Tuesday, November 12, 2024

North Dakota Producers, Regulators Spar over Rules

Posted by September 23, 2015

North Dakota's oil producers and their federal regulators sparred at an industry conference on Tuesday over a raft of new rules with broad implications for energy development, the latest escalation in a war of words that has both parties aiming to sway public opinion.

The public spat at the North Dakota Petroleum Council's annual meeting comes as federal agencies move to exert greater control over how oil companies extract crude from shale formations and how even small bodies of water are used nationwide.

Both proposals, from the Bureau of Land Management and U.S. Environmental Protection Agency (EPA), respectively, as well several other unrelated measures have sparked condemnation from energy executives, though environmentalists say they are crucial.

The oil industry sees such efforts as the egregious overreach of a group of regulators setting their sites on a new target after tightening oversight of coal-fired power plants.

"Now that that's over, they're going to be focusing on us," Dawn Coughlin, an environmental affairs manager at oil producer Hess Corp, said at the conference as federal regulators sat in the audience. "We're next."

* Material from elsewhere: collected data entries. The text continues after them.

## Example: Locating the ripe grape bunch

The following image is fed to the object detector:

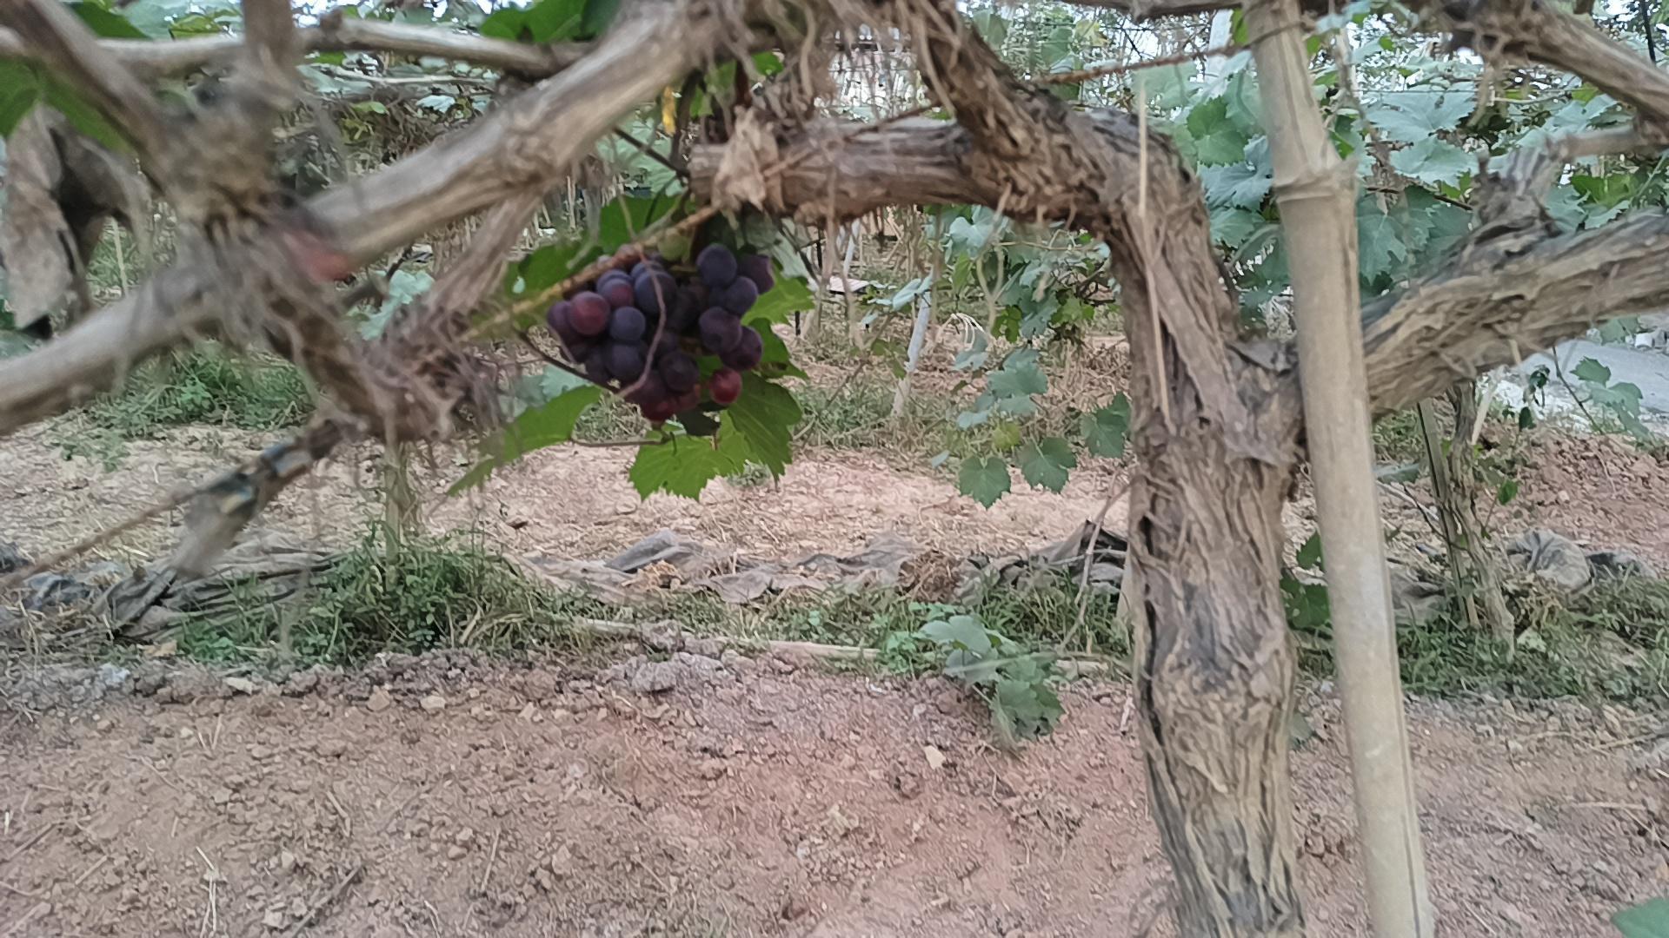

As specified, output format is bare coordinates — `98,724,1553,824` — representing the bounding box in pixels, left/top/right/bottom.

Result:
546,243,775,434
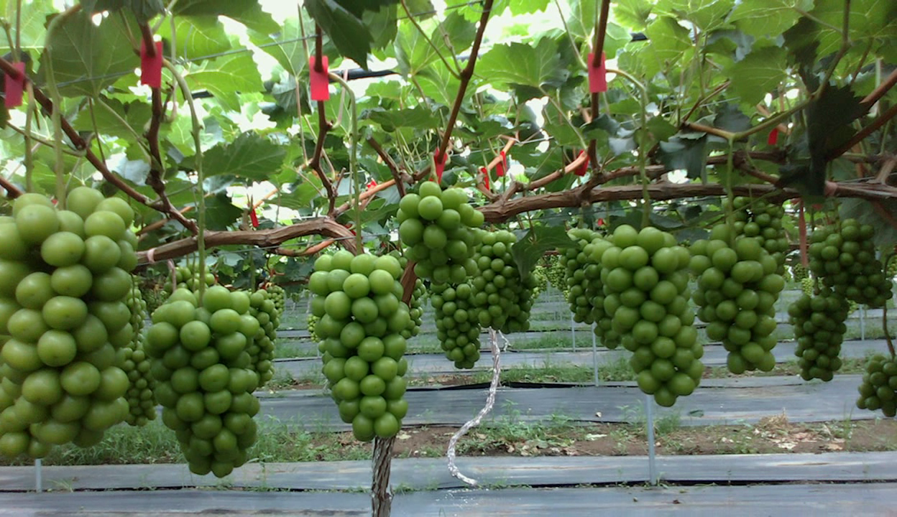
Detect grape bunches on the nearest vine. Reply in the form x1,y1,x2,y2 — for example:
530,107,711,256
0,186,138,448
592,224,704,408
688,223,785,376
142,286,259,479
307,250,410,442
397,181,484,286
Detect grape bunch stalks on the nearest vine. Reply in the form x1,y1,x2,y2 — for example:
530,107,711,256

Wayne Stenehjem, North Dakota's attorney general and a rumored candidate for governor in 2016, touted a dozen lawsuits opposing the new regulations that he said he would pursue "with zeal."

"We really don't need the EPA to tell us they love our land more than we do," Stenehjem said. "We're the ones who live here."

Regulators from five federal agencies then took the stage for a panel discussion where they politely shot back.

Dennis Neitzke of the U.S. Forest Service asked why oil producers couldn't work together more to construct shared pipelines rather than try to each build their own, a step that delays approval and heightens regulatory oversight.

"Right now we're reviewing three or four pipelines for three or four oil companies," Neitzke said. "What would it take for companies to say, 'I wonder if we could use the same pipe?'"

Wendy Hart Ross, superintendent of Theodore Roosevelt National Park, said the industry must do more to mitigate light and sound damage to national park land.

"I get more comments on a daily basis about oil and gas impacts on the park," said Ross.

Coughlin, the Hess manager, did cite one recent regulatory decision as signs of a possible detente: the Obama administration's decision on Tuesday to deny Endangered Species Act protection to the greater sage grouse.